I was 22 and I worked in a gas station for $9.26 an hour. I was basically the person the manager relied on because her assistant manager could NOT be relied on. For the last two years I basically did the assistant’s job because she was freaking LAZY. I covered ALL the call outs, did ALL the grunt work and hazmat work, I stayed late, etc etc. I hauled some serious a$$ because I wanted the assistant manager job as soon as the current one got sacked.

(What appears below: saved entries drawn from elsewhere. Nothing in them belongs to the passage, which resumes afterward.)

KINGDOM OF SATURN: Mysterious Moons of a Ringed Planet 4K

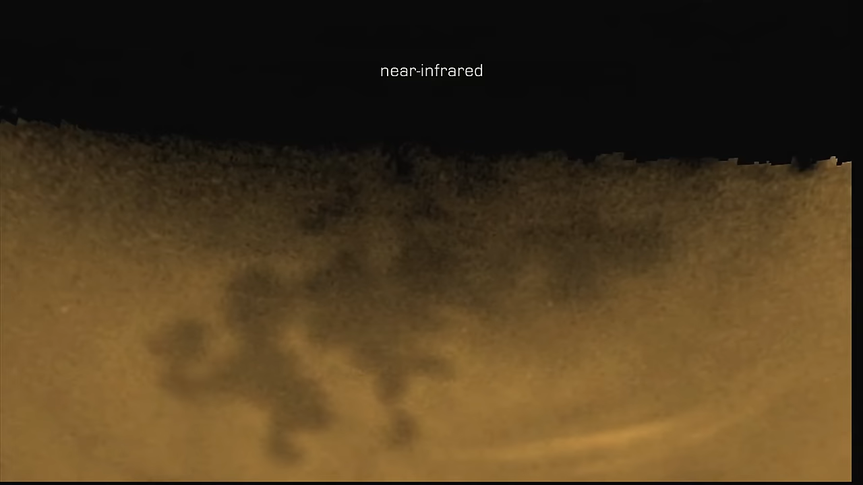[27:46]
Cassini's camera was outfitted with near-infrared filters to peer through the orange fog to verify bodies of liquid.
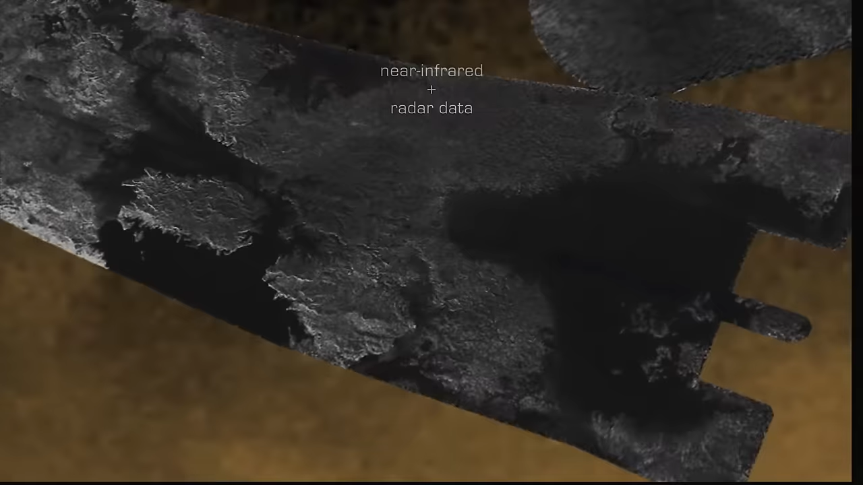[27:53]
Images come back of relatively flat areas, but are they truly oceans?
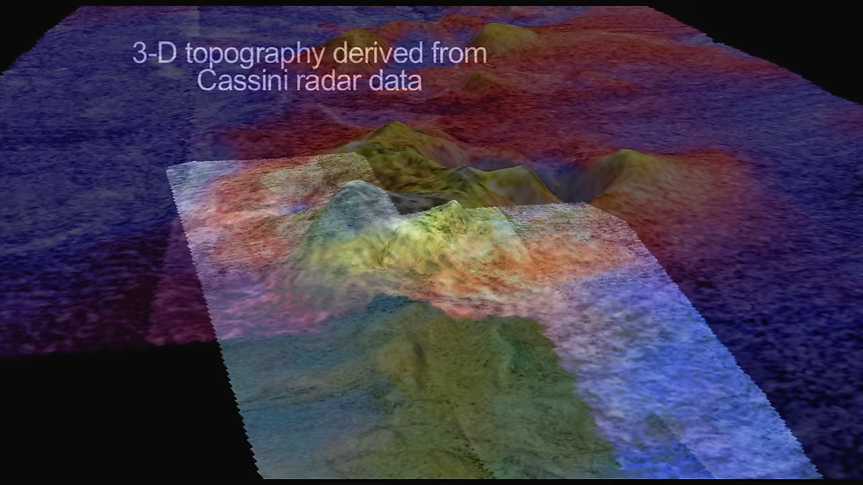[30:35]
Mountains, some up to a kilometer tall.
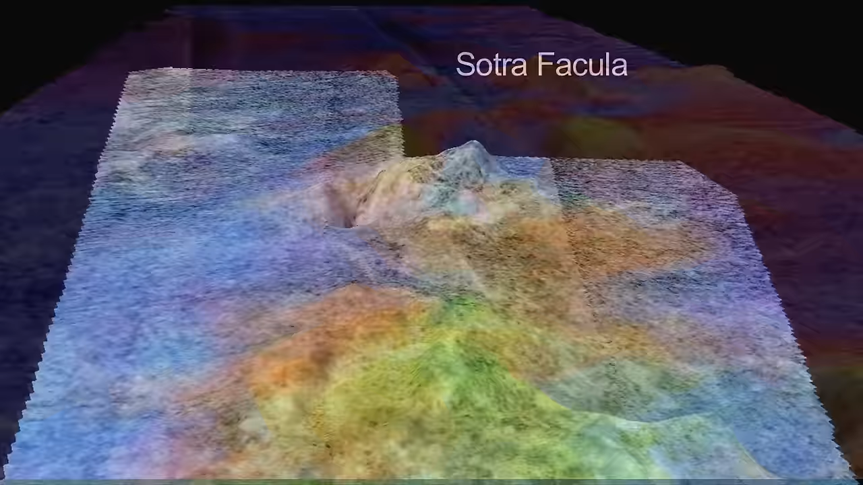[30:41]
These may be cryo-volcanoes. Some could be active today, spewing methane from within the Moon.

She FINALLY got fired. I was shoo in for that job and everyone in the store expected me to get it too. But go figure the manager decided to give the job to an employee from another location. This other person’s manager had sold her like the cure for cancer to MY manager because she was trying to get rid of her anyway she could. When I asked why she got the job instead of me, the reply was that she was older and truly passionate about her job. (She was 23, I was 22.) So finally, this girl was transferred into our store, and she was WAY WAY worse than the assistant manager who preceded her. Not only did she not do any of her work she barely justified her presence in the building assuming she showed up at all.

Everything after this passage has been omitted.